Под одним из березовых содружеств, тем, что поближе к дому, мне ставили раскладушку, и я укладывался на нее, как только солнце достаточно прогревало воздух.
У каждого возраста есть свое блаженство и есть свои открытия в области блаженства. В тридцать три года я открыл для себя одно из величайших наслаждений — спать на воздухе. Не с открытой форточкой или окном, а вне дома, под деревьями, на траве.
Мне и раньше пришлось однажды проспать две ночи на карадагском плоскогорье в Крыму, тоже на раскладушке, без палатки, под открытым небом. Ничего особенного я не ждал, лег, как обычно, постелил простыни, надел пижаму, шейный платок — мои спутники-туристы, залезшие, не раздеваясь, в спальные мешки, смеялись до упаду, — укрылся на всякий случай потеплее и заснул. Примерно через час непрерывный тихий гул разбудил меня. Я приподнялся на локте. Внизу, под кручей, далеко уходила в черную воду Черного моря дорожка, небо было полно звезд… Все было спокойно, а гул не прекращался. Только окончательно проснувшись, понял я, что гудит ровный и долгий поток воздуха, уходящий с плоскогорья в море, поток сухого, теплого воздуха, прокладывающий себе путь в непроглядную, неизведанную темноту. Так и спал я всю ночь, просыпаясь, слушая ветер — он стих только к рассвету.

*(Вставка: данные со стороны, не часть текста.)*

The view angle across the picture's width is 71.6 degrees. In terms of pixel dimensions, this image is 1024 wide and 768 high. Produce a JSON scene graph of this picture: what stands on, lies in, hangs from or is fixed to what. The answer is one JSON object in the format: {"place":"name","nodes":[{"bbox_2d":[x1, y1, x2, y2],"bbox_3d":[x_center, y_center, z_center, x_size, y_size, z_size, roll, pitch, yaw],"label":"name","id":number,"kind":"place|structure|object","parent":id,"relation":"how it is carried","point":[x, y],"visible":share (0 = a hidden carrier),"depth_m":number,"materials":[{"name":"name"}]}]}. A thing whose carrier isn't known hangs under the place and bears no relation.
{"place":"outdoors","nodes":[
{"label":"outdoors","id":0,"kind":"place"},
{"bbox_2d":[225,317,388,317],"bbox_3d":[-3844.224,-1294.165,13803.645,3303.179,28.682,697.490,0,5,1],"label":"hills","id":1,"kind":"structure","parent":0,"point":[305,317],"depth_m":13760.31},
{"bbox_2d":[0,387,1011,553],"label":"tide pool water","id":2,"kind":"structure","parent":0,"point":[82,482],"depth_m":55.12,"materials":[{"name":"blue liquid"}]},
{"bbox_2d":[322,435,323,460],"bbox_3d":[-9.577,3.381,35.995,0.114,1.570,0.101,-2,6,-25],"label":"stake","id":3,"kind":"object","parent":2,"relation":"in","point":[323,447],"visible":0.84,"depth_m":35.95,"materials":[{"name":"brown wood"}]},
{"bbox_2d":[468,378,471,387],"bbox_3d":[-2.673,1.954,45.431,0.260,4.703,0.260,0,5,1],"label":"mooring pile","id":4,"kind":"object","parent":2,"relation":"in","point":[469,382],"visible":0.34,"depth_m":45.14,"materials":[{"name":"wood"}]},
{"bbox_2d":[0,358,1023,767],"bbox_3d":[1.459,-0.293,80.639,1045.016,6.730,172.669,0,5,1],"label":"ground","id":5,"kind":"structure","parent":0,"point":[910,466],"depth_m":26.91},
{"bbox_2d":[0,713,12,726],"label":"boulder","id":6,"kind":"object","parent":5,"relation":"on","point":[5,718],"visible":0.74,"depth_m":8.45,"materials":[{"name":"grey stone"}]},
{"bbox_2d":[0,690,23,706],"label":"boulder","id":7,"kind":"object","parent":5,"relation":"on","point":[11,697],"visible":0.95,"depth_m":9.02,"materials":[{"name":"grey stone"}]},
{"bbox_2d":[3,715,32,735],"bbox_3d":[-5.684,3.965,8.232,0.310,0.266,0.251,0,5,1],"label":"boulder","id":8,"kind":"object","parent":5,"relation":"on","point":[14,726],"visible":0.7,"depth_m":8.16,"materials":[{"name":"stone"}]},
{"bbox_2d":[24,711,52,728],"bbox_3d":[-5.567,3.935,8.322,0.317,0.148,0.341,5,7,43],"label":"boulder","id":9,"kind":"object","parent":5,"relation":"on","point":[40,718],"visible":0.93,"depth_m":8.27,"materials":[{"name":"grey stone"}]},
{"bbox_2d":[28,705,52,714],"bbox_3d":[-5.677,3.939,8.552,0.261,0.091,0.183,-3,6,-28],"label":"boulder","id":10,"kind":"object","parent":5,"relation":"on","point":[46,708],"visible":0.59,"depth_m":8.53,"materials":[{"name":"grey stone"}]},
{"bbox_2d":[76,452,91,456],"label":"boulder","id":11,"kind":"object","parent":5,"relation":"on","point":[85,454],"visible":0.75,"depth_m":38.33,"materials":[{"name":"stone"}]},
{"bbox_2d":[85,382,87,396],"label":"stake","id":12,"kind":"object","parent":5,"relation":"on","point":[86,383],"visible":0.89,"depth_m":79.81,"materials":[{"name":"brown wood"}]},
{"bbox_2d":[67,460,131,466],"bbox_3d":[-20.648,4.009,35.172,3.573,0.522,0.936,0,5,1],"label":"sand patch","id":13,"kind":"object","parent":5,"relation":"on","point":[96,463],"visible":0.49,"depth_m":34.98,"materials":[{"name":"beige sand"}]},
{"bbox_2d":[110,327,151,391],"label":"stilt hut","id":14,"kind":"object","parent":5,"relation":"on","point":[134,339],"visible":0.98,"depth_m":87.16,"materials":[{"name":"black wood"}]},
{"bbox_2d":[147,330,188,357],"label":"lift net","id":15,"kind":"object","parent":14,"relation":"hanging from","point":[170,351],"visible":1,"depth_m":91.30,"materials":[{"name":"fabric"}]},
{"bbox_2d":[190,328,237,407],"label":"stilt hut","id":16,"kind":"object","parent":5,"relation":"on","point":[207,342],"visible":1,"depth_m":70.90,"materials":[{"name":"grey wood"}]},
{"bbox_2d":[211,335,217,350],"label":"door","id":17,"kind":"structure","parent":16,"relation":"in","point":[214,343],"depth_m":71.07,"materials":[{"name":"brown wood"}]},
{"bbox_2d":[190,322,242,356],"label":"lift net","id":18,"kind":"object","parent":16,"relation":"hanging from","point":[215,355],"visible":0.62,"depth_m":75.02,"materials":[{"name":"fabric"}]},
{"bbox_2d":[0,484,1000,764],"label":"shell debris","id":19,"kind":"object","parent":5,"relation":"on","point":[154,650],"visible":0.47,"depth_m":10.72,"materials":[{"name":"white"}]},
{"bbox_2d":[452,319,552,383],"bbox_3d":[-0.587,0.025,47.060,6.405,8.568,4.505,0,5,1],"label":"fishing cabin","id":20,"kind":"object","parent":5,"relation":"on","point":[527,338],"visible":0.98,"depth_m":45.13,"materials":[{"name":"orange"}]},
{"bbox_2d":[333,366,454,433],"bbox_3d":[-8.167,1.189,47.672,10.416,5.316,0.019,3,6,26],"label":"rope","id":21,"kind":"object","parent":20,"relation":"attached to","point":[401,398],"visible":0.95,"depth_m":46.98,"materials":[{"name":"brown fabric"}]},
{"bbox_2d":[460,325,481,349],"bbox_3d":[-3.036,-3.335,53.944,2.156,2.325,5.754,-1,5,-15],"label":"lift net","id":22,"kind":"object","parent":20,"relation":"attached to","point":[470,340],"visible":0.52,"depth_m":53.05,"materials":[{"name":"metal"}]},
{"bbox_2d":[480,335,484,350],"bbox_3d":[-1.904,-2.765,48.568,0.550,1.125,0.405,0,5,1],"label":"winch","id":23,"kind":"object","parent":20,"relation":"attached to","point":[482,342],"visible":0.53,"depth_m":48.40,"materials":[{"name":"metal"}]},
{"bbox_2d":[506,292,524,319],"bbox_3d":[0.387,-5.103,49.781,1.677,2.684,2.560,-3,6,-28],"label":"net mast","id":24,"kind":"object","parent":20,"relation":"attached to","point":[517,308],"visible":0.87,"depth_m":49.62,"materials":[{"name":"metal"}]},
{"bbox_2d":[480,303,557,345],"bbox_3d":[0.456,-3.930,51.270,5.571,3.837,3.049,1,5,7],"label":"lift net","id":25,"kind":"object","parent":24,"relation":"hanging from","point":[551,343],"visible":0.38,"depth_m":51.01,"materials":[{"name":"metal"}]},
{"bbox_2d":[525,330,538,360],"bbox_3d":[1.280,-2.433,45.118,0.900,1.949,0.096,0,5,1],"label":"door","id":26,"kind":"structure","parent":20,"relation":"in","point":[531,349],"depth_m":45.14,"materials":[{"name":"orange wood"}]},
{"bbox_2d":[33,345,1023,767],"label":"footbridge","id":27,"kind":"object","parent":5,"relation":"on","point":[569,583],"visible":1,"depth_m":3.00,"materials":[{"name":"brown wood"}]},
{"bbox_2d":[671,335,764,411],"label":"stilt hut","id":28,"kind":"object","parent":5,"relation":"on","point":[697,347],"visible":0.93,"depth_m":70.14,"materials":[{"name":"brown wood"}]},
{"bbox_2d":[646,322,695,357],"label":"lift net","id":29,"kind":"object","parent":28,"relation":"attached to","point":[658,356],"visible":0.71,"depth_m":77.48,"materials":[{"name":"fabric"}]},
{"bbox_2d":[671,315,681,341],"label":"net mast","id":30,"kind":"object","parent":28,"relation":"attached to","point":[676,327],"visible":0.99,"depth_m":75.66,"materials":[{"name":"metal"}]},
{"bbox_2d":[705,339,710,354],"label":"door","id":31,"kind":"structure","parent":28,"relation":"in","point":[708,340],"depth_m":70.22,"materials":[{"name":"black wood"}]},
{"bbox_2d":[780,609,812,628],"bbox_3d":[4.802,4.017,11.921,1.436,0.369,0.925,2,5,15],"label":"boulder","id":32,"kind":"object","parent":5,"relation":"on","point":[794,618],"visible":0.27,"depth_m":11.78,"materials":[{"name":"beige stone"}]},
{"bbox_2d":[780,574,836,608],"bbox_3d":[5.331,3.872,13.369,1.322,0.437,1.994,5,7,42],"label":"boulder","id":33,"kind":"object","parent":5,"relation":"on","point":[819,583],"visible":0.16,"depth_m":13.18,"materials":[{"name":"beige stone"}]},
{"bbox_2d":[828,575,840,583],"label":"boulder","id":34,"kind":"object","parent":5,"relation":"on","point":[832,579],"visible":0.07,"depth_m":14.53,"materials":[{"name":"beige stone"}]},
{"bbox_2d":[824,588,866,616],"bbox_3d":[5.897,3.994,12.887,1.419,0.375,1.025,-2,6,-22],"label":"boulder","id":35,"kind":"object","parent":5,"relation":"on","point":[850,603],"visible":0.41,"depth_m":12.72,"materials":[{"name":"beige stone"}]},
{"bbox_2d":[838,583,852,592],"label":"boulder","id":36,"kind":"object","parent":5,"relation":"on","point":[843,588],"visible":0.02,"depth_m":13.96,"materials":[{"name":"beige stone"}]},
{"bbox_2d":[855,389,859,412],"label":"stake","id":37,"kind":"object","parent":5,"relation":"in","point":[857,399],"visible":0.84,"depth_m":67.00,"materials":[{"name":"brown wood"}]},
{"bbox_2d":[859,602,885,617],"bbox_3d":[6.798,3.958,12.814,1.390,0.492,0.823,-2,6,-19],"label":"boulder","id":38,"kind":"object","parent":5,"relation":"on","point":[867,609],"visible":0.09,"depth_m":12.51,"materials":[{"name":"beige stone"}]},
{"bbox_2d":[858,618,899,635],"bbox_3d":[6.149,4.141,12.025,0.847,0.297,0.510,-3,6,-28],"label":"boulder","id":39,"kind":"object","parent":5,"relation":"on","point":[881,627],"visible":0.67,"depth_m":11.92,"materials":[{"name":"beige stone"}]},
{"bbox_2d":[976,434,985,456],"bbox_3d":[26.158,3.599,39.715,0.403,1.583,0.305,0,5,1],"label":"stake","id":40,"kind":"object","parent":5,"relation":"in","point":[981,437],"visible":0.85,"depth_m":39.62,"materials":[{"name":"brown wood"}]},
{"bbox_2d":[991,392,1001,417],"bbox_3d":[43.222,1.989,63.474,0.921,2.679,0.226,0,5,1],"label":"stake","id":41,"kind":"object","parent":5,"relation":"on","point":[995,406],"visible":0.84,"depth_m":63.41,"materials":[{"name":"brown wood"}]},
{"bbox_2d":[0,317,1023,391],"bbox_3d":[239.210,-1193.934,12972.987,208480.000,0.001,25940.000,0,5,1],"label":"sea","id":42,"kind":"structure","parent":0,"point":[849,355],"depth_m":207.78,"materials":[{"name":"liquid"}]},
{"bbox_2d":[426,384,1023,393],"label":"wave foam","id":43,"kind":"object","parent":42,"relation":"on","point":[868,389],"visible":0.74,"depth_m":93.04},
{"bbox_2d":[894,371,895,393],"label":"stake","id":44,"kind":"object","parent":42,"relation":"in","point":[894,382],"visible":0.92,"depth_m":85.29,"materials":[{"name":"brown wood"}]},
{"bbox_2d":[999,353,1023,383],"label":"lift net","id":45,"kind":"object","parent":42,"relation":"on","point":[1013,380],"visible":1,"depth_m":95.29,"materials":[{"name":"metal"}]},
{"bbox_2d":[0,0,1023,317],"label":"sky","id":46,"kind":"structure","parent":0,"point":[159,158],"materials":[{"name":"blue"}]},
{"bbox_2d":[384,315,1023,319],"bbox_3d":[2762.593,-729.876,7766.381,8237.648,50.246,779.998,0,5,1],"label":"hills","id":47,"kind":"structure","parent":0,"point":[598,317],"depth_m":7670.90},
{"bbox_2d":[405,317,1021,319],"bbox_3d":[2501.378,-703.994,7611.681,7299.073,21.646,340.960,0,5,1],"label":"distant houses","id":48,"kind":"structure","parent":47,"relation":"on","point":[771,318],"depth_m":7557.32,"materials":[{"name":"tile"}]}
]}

Вторая ночь прошла так же, и тоже оставила в моем сознании свой след, но всего очарования спать на воздухе тот ночлег мне не открыл, — возможно, я был слишком для этого молод или слишком здоров… О тех крымских ночах я вспомнил только один раз, в самой неожиданной и неподходящей ситуации: наблюдая по телевизору за первенством мира по футболу, происходившим в Аргентине. Не знаю, запомнился ли вам первый матч с участием хозяев, который мы транслировали? Меня поразила аналогия: аргентинские футболисты шли сквозь порядки противника так же ровно и спокойно, с таким же безостановочным, постоянным напряжением и с такой же неизбежностью, я бы сказал, как уходивший с карадагского плоскогорья воздух. Если бы они накатывались волнами, как это обычно бывает в футболе, остановить их можно было бы как любую другую команду — встречной волной. А они просто бежали раскованно, непринужденно, элегантно, уверенно, как ветер, с одного конца поля на другой, и о том, чтобы остановить их, не могло быть и речи.